Exercise requirements
Would you return each record that follows word for word, without its pictures?

Data to examine
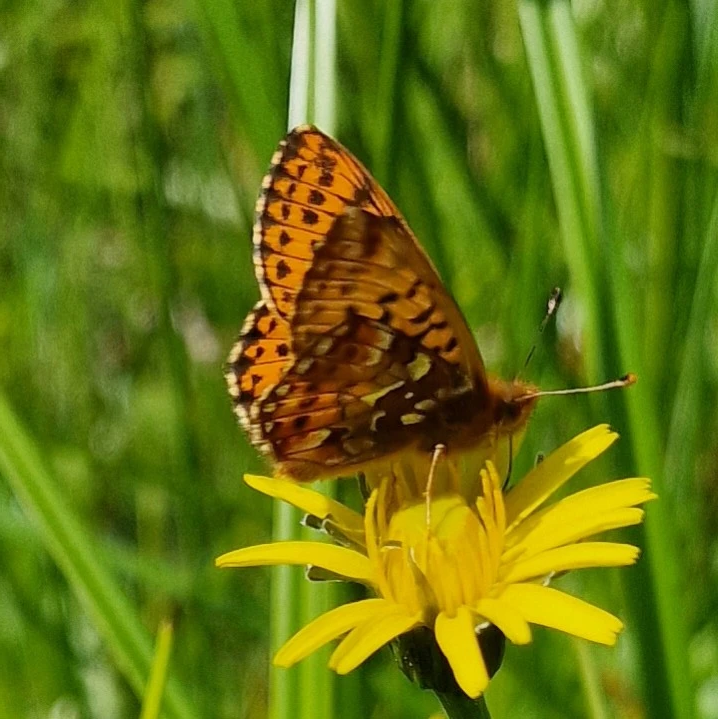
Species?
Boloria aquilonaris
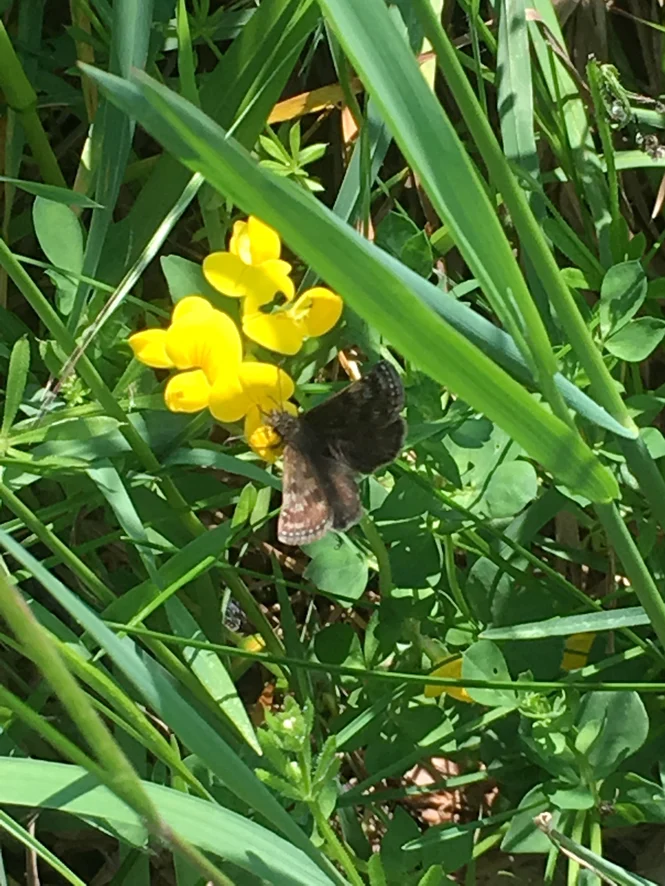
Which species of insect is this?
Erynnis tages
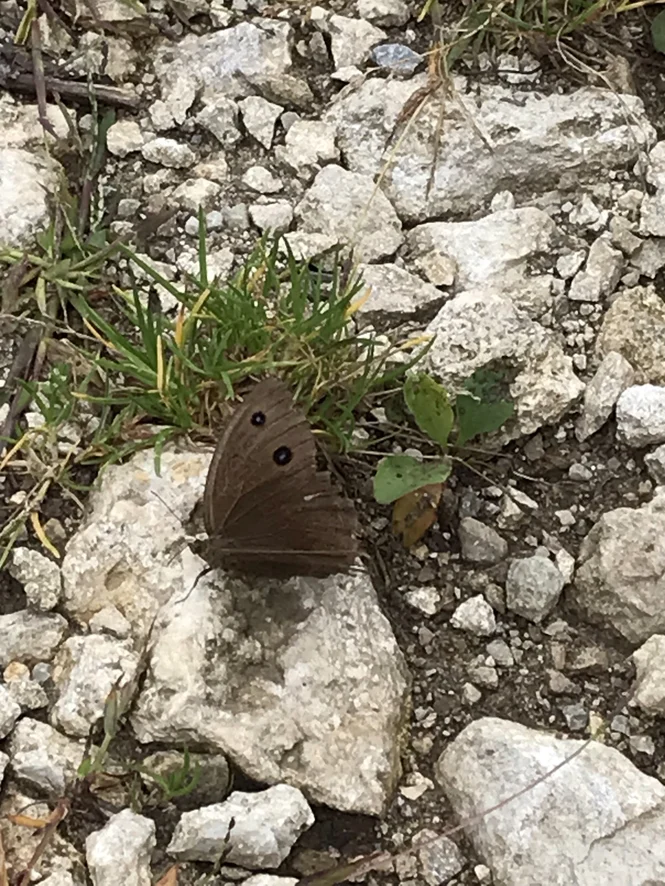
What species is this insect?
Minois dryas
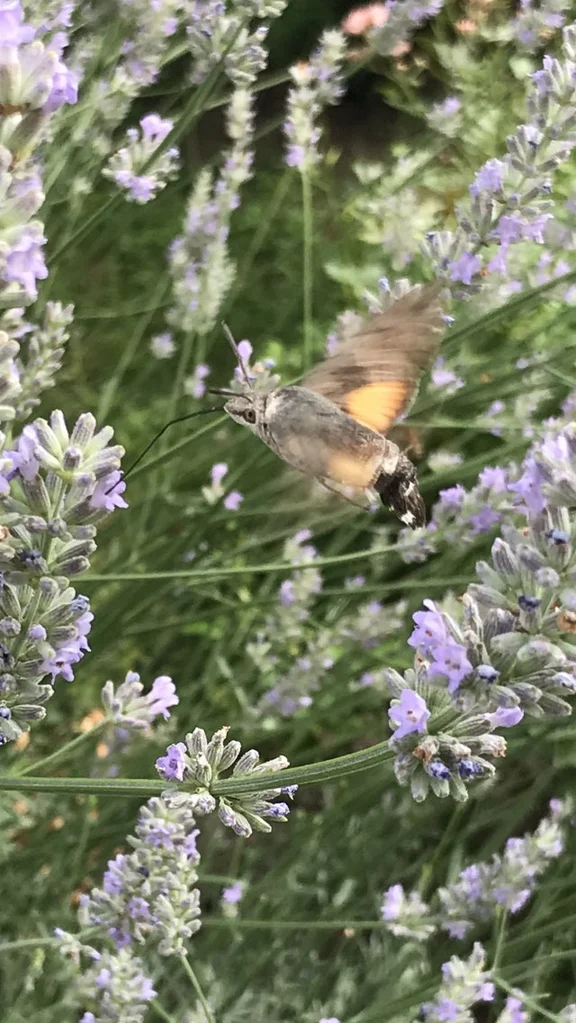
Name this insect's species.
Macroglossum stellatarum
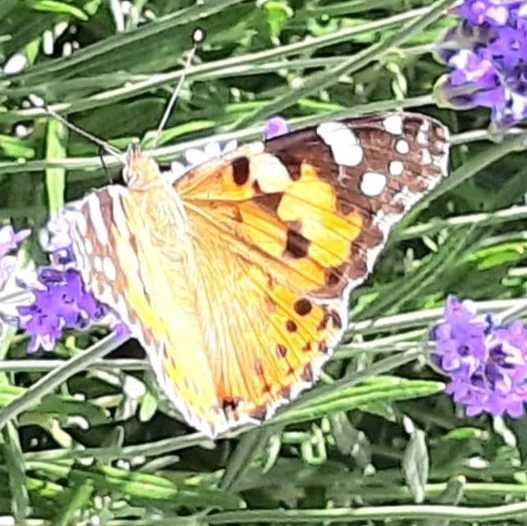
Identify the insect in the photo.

Reply to the exercise
Species?
Boloria aquilonaris
Which species of insect is this?
Erynnis tages
What species is this insect?
Minois dryas
Name this insect's species.
Macroglossum stellatarum
Identify the insect in the photo.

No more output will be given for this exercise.